Why is it that if $n \in \mathbb{Z}, g_n(x)=e^{in}$, then $\int g_n(x)e^{-imx}dx= 0$ if $n=m$ or $1$ if $n≠m$
Now let $n=m$, then $\int g_n(x)e^{-imx}dx = \int e^{inx}e^{-imx}dx=\int e^0dx= \int dx$
Now let $n≠m$ then $\int g_n(x)e^{-imx}dx = \int e^{inx}e^{-imx}dx=\int e^{ix(n-m)}dx$
But I really can't go farther.
Could someone explain why $\int g_n(x)e^{-imx}dx= 0$ if $n=m$ or $1$ if $n≠m$
On
What you are missing are the limits - usually it is written as $$\int_{-\pi}^\pi e^{inx}e^{-imx}\,dx=\int_{-\pi}^\pi e^{i(n-m)x\,dx}=\begin{cases}\int_{-\pi}^\pi 1\,dx&\text{if } n=m\\\int_{-\pi}^\pi e^{ikx}\,dx&\text{if }n\neq m\end{cases}=\begin{cases}2\pi&n=m\\\frac{1}{ik}(e^{ik\pi}-e^{-ik\pi})&n\neq m \end{cases}$$
This last step gives $0$ for the case $n\neq m $ since $k\in\Bbb Z$, so $e^{ik\pi}=(-1)^k=(-1)^{-k}=e^{-ik\pi}$.

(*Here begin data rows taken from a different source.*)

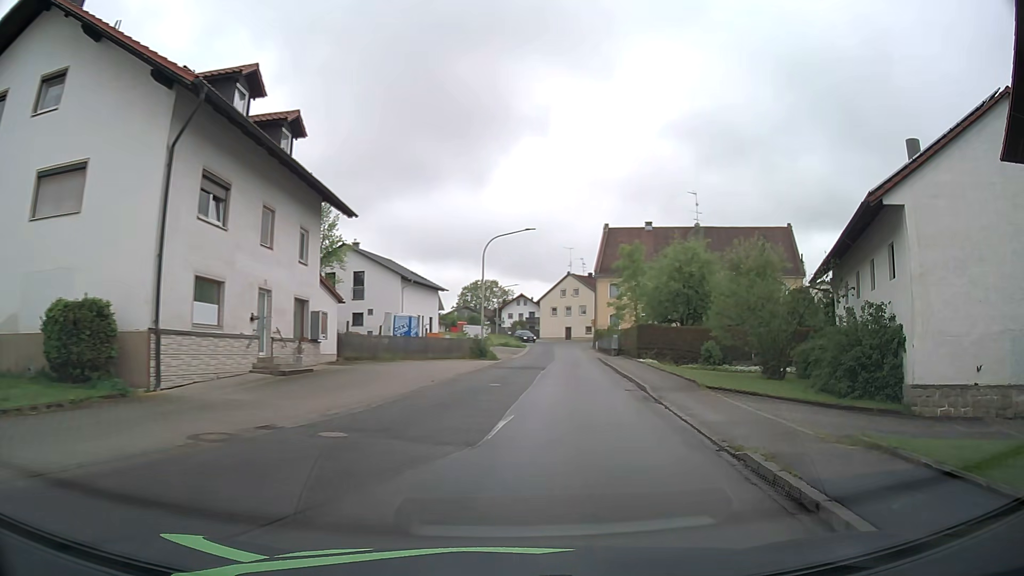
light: Day
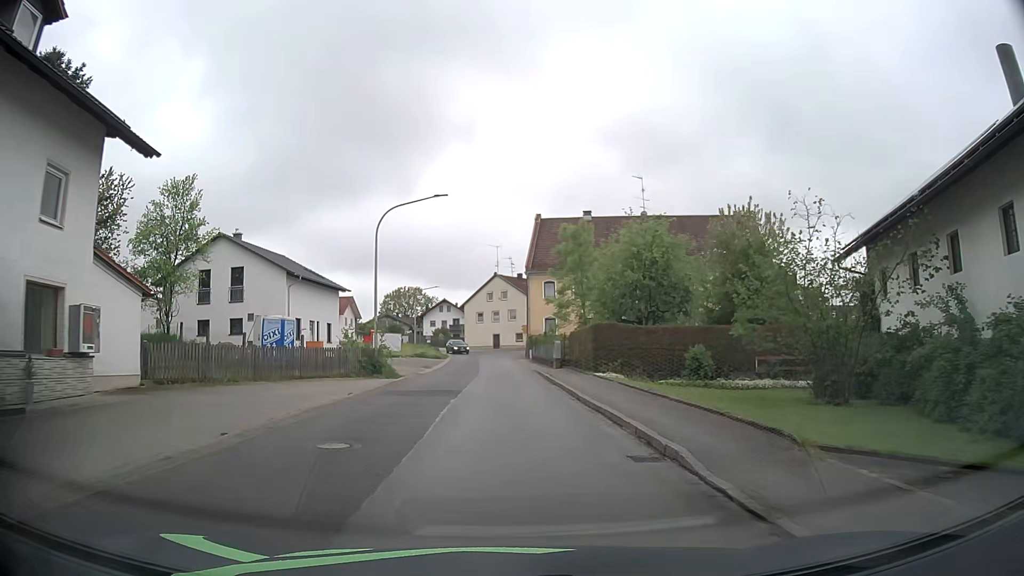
(+1.0, +11.1) m; +7°
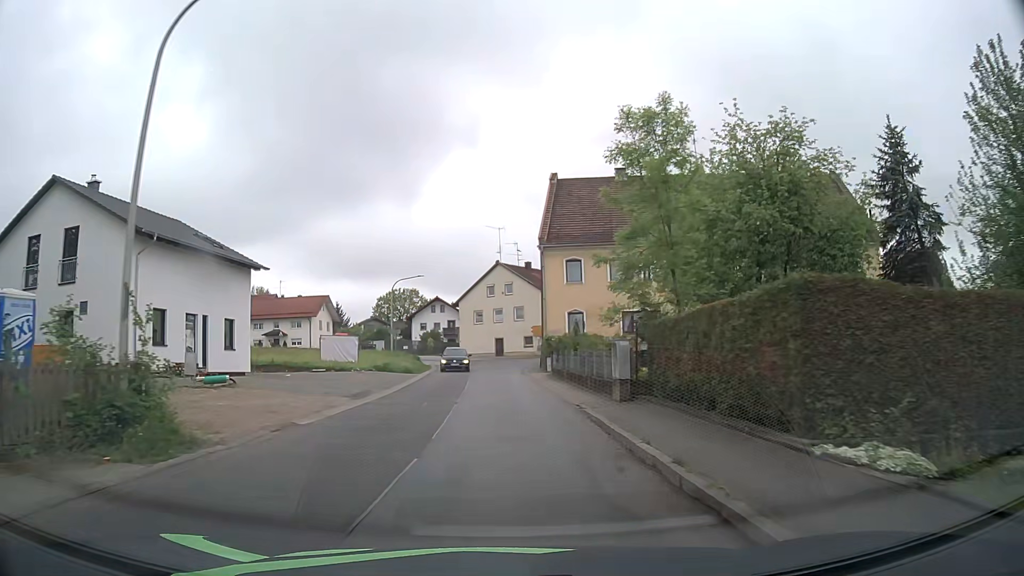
(0.0, +19.6) m; -1°
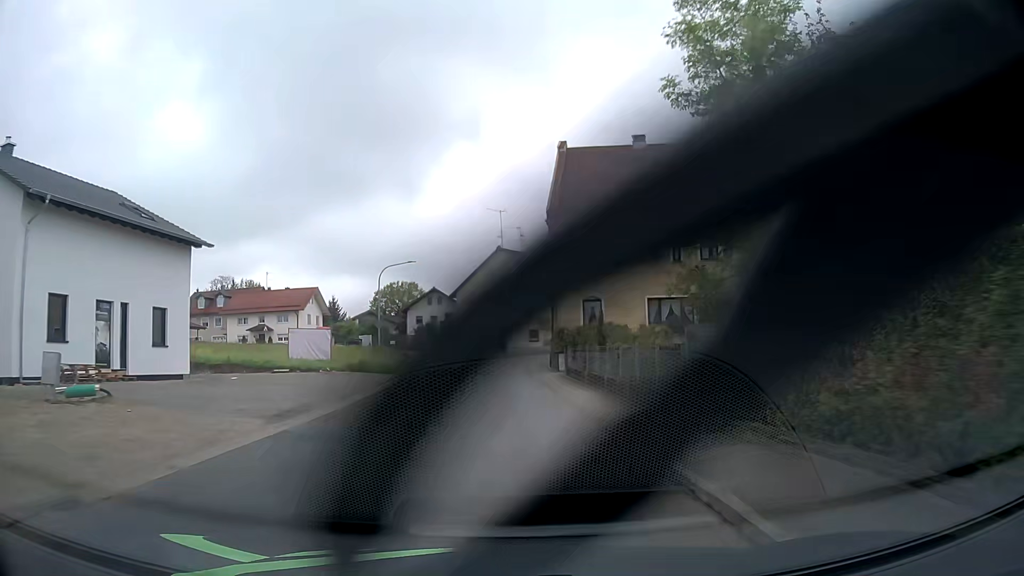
(0.0, +7.1) m; 0°
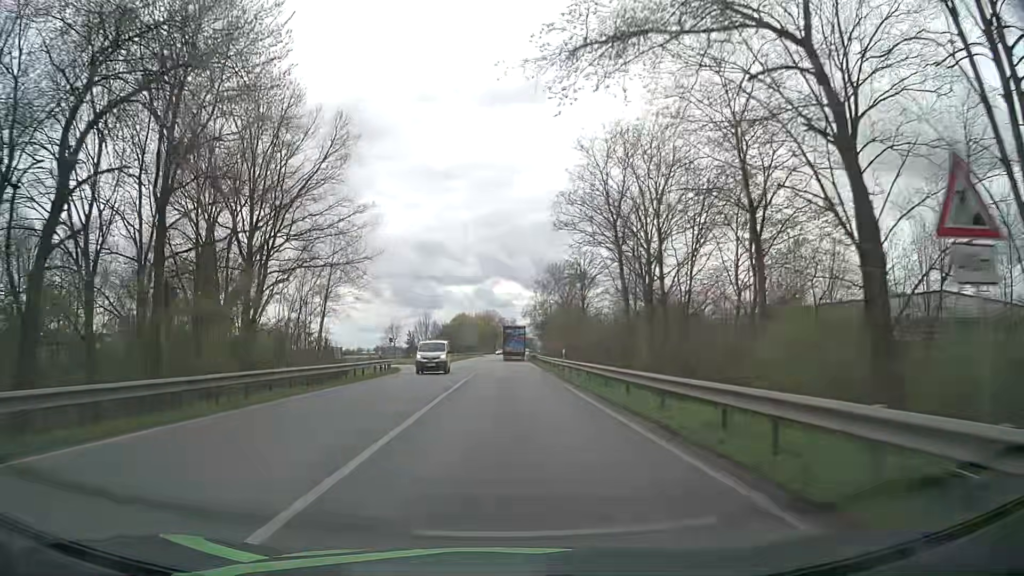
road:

So the actual result is $$\int_{-\pi}^\pi e^{inx}e^{-imx}\,dx=\begin{cases}2\pi&n=m\\0&n\neq m \end{cases}=2\pi\delta_{nm}$$
Alternatively you can also use limits $0\to2\pi$.
hint
$$e^{ipx}=\cos (px)+i\sin (px) $$
$$\int_0^{2\pi}\cos (px)dx=0$$